INTRODUCTION: Tracheobronchopathia osteochondroplastica (TO) is a rare disorder involving the lumen of the trachea-bronchial tree and characterized by multiple sub-mucosal osseous and cartilaginous nodules in the trachea and bronchus, sparing the posterior wall. We here report two cases of patients with tracheobronchopathia osteochondroplastica and review the relevant literature briefly.

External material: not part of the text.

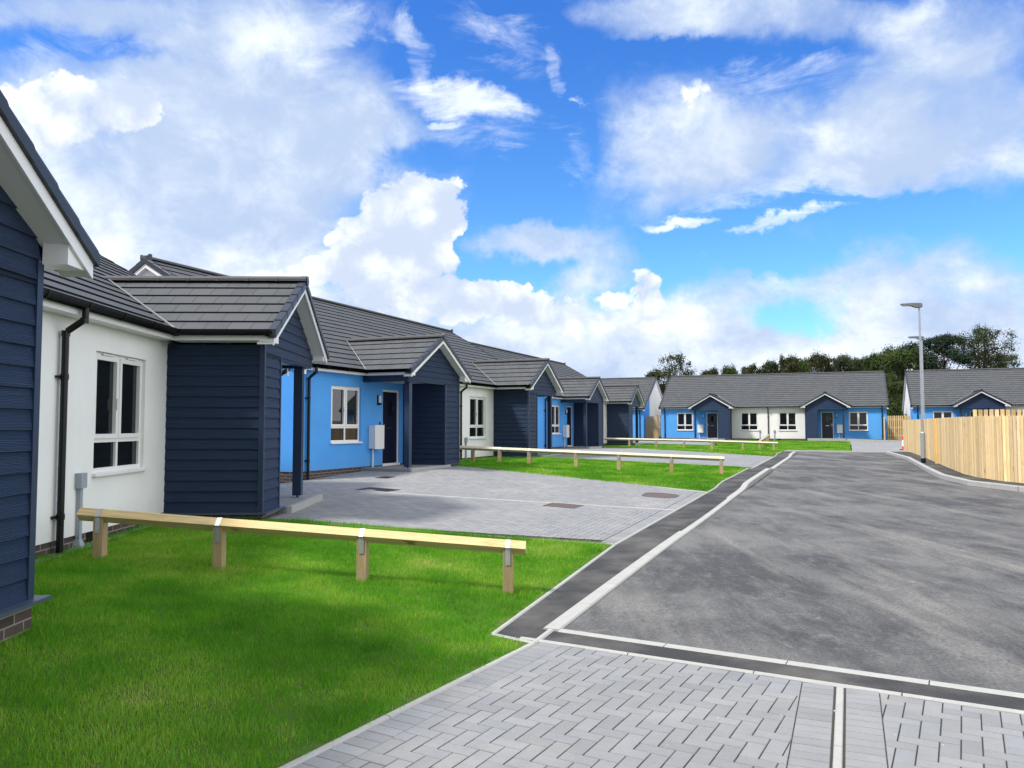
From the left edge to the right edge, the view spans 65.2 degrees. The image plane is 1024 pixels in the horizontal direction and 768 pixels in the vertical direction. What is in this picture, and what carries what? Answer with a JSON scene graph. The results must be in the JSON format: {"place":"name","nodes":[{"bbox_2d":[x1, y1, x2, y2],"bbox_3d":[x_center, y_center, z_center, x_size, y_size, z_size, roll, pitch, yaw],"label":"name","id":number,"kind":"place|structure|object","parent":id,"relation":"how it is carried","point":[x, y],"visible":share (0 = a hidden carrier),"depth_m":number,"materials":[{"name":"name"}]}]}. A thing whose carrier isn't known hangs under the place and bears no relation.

CASE PRESENTATION: Case 1 was a 64-year-old woman with a history of Chronic Obstructive Pulmonary Disease (COPD) who presented with frequent non-productive cough for 2 years. Chest computed tomography (CT) showed signs consistent with COPD and evident irregular narrowing of the tracheal and both main bronchial lumen caused by calcific foci. Fibre optic bronchoscope (FOB) was performed and showed dozens of sub-mucosal nodules protruding into the lumen of lower half of the trachea and both main bronchi. Histopathological exam demonstrated sub-mucosal ossification and cartilage in the sample. Her follow-up has been uneventful for 3 years. Case 2 was a 37-year-old man presented with hoarseness, exertional dyspnea, and intermittent dry cough for about 3 years. Chest CT scans showed irregular nodules around the entire circumference of the trachea extending from sub-glottic region to lower trachea. FOB showed glottic stenosis and diffused sub-mucosal calcified nodules protruding from the antero-lateral portion of the trachea in the subglottic region. Over the following 12 months, his disease is stable.

CONCLUSIONS: TO is a rare, benign disease with slow progression, clinicians should be aware of TO and should consider it in patients with chronic cough, recurrent respiratory infection and evolving exertional dyspnea.